Accordingly, all those who receive and might benefit from the information to be provided in accordance with the Bill will need to be given the confidence to find and use the support services offered. Visible and accessible support services will depend on the further development of the network of local family hubs. In the area in which I was the designated family judge, there is an excellent and well-regarded family hub aiming to provide holistic support from pre-birth onwards. The guide for all such hubs, issued in August 2022, set a high bar when it stated:

“The workforce should proactively reach out to vulnerable and seldom-heard families”.


It is therefore to be hoped that the present Government will extend the distribution and reach of family hubs, particularly, but not exclusively, in areas of deprivation and confirm a commitment to those hubs.

I will make two further points. First, the saddest statistic relating to care proceedings is that at least one in four women will return to court having had a previous child removed. The struggle to prevent recurrent removals has been highlighted by research done by the Nuffield Family Justice Observatory. Too often, some mothers have reacted to the removal of a child or baby with an ill-considered decision to have another baby, with all too often the same consequences. These are often mothers who find it so difficult to seek or accept help. For the courts, they can be truly wretched cases to deal with. Therefore, I repeat the hope that this Government will endorse the intensive support from, and expert work by, the charity Pause in the prevention of the cycle of removals. Pause has pointed out that the point at which a child is removed is also the point at which the mothers lose access to support and information, leaving them more vulnerable to further removals. These may not be “prospective parents” within the meaning of the Bill as currently drafted, but they are clearly parents who may later have children again in their care and who clearly have a continuing need for information, support and advice. I therefore hope that consideration is given to the use of this Bill to address the predicament of these parents and to reduce the misery and expense of their cases.

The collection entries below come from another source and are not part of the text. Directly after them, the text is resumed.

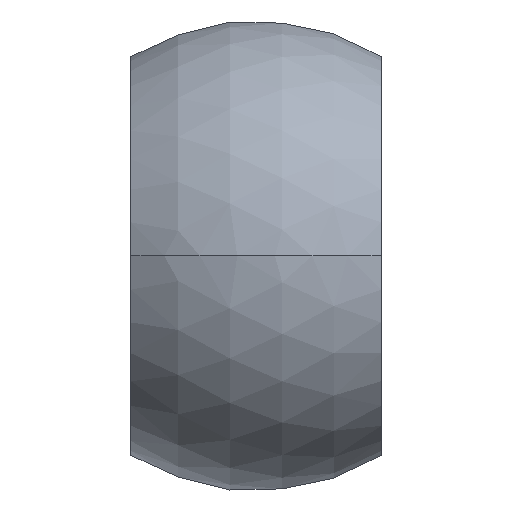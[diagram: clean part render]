
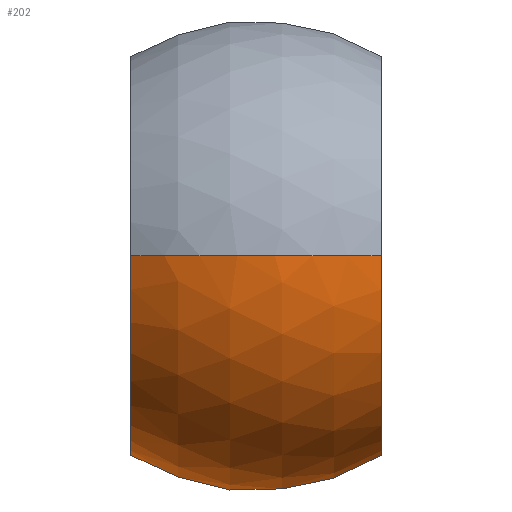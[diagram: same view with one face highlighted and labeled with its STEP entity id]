
A CAD part, left-side view. The second image highlights one B-rep face of the part: STEP entity #202.
In plain terms, the highlighted spherical face has radius 16 mm.
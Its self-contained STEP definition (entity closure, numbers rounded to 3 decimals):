
#118=EDGE_CURVE('',#270,#164,#319,.T.);
#122=VERTEX_POINT('',#323);
#142=EDGE_CURVE('',#186,#122,#349,.T.);
#146=EDGE_CURVE('',#164,#122,#353,.T.);
#164=VERTEX_POINT('',#371);
#186=VERTEX_POINT('',#394);
#202=ADVANCED_FACE('',(#411),#412,.T.);
#270=VERTEX_POINT('',#489);
#280=EDGE_CURVE('',#270,#186,#500,.T.);
#319=CIRCLE('',#533,16.0);
#323=CARTESIAN_POINT('',(12.342,-8.5,-5.605));
#349=CIRCLE('',#566,10.182);
#353=CIRCLE('',#573,13.555);
#371=CARTESIAN_POINT('',(-13.555,-8.5,0.));
#394=CARTESIAN_POINT('',(12.342,8.5,-5.605));
#411=FACE_OUTER_BOUND('',#703,.T.);
#412=SPHERICAL_SURFACE('',#704,16.0);
#489=CARTESIAN_POINT('',(-13.555,8.5,0.));
#500=CIRCLE('',#866,13.555);
#533=AXIS2_PLACEMENT_3D('',#903,#904,#905);
#566=AXIS2_PLACEMENT_3D('',#945,#946,#947);
#573=AXIS2_PLACEMENT_3D('',#949,#950,#951);
#703=EDGE_LOOP('',(#1003,#1004,#1005,#1006));
#704=AXIS2_PLACEMENT_3D('',#1007,#1008,#1009);
#866=AXIS2_PLACEMENT_3D('',#1120,#1121,#1122);
#903=CARTESIAN_POINT('',(0.,0.,0.));
#904=DIRECTION('',(0.,-0.0,1.0));
#905=DIRECTION('',(0.0,1.0,0.0));
#945=CARTESIAN_POINT('',(12.342,0.,0.));
#946=DIRECTION('',(-1.0,0.,0.));
#947=DIRECTION('',(0.,0.0,-1.0));
#949=CARTESIAN_POINT('',(0.,-8.5,0.));
#950=DIRECTION('',(0.0,-1.0,0.0));
#951=DIRECTION('',(1.0,0.0,0.));
#1003=ORIENTED_EDGE('',*,*,#118,.F.);
#1004=ORIENTED_EDGE('',*,*,#280,.T.);
#1005=ORIENTED_EDGE('',*,*,#142,.T.);
#1006=ORIENTED_EDGE('',*,*,#146,.F.);
#1007=CARTESIAN_POINT('',(0.,0.,0.));
#1008=DIRECTION('',(0.0,-1.0,0.0));
#1009=DIRECTION('',(-1.0,0.0,0.));
#1120=CARTESIAN_POINT('',(0.,8.5,0.));
#1121=DIRECTION('',(0.0,-1.0,0.0));
#1122=DIRECTION('',(1.0,0.0,0.));
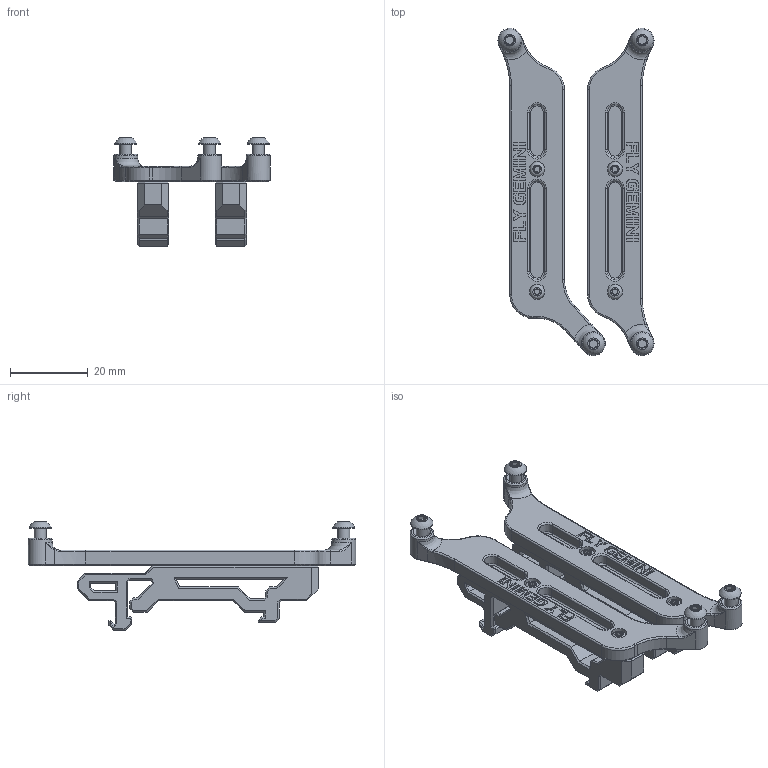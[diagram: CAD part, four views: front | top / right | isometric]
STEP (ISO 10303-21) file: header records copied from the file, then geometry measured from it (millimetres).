
FILE_DESCRIPTION(/* description */ (''),/* implementation_level */ '2;1');
FILE_NAME(/* name */ 'Fly_Gemini_V2_bracket_2pc.step',/* time_stamp */ '2023-02-02T07:36:35-08:00',/* author */ (''),/* organization */ (''),/* preprocessor_version */ 'ST-DEVELOPER v19.2',/* originating_system */ 'Autodesk Translation Framework v11.17.0.187',/* authorisation */ '');
FILE_SCHEMA (('AUTOMOTIVE_DESIGN { 1 0 10303 214 3 1 1 }'));
Length unit declared in the file: millimetre
Products named in the file (7): (Unsaved); PCB DIN Clip; Fly_Gemini_V2_Hardware; M2x10 self tapping screw for plastic:13; M2x10 self tapping screw for plastic:11; M3x8 BHCS; Fly_Gemini_V2_Bracket
Assembly tree (11 placements, depth 3):
  (Unsaved)
    PCB DIN Clip
    Fly_Gemini_V2_Hardware
      M2x10 self tapping screw for plastic:11  x2
      M2x10 self tapping screw for plastic:13  x2
      M3x8 BHCS  x4
    Fly_Gemini_V2_Bracket
Bounding box: 40.1 x 84.1 x 27.88 mm (x, y, z)
Volume: 15405.6 mm3; surface area: 13947.5 mm2
Topology: 12 solids, 12 shells, 1140 faces, 2839 edges, 1761 vertices
Faces by surface type: plane 650, cylinder 229, bspline 150, cone 67, torus 40, sphere 4
Full cylindrical faces by diameter (mm): 1.28 x44, 1.9 x4, 2.2 x36, 2.4 x16, 2.9 x4, 3 x4, 3.75 x4, 4 x4, 5.7 x4, 6.1 x4
Entity records: 36977 total; most frequent: CARTESIAN_POINT 15084, ORIENTED_EDGE 4670, DIRECTION 4088, EDGE_CURVE 2335, LINE 1682, VECTOR 1682, VERTEX_POINT 1439, AXIS2_PLACEMENT_3D 1203

Secondly, I ask that the Government indicate their response to the powerful recent report by the Centre for Justice Innovation about Family Drug and Alcohol Courts—FDACs. They are truly problem-solving courts which achieve considerable savings and better outcomes for children and their families.

This Bill is to be applauded, but I suggest that some modest amendments could be made. These should be seen as steps that will greatly add value and save the costs of later and more complicated interventions by local authorities when children are older and the family’s difficulties more entrenched. The provision in Clause 3 for an annual report is welcome; it will allow for monitoring of compliance and will provide an overview, as the clause itself states.

As to amendments, I agree with what the noble Baroness, Lady Finlay, said about trying to avoid overloading the Bill. However, I cannot help noting that the short title contains the abbreviation “etc”. I remember a legislative purist telling us to be wary of any Bill that contained that abbreviation in its short title; however, in this case, perhaps the use of that wording may give permissible scope for the sort of amendments suggested.

The Government have stated their wish to “fix the foundations”. If this Bill helps to reinforce the stability of children and future generations, it will indeed help to fix the foundations for children and underpin relationships within families.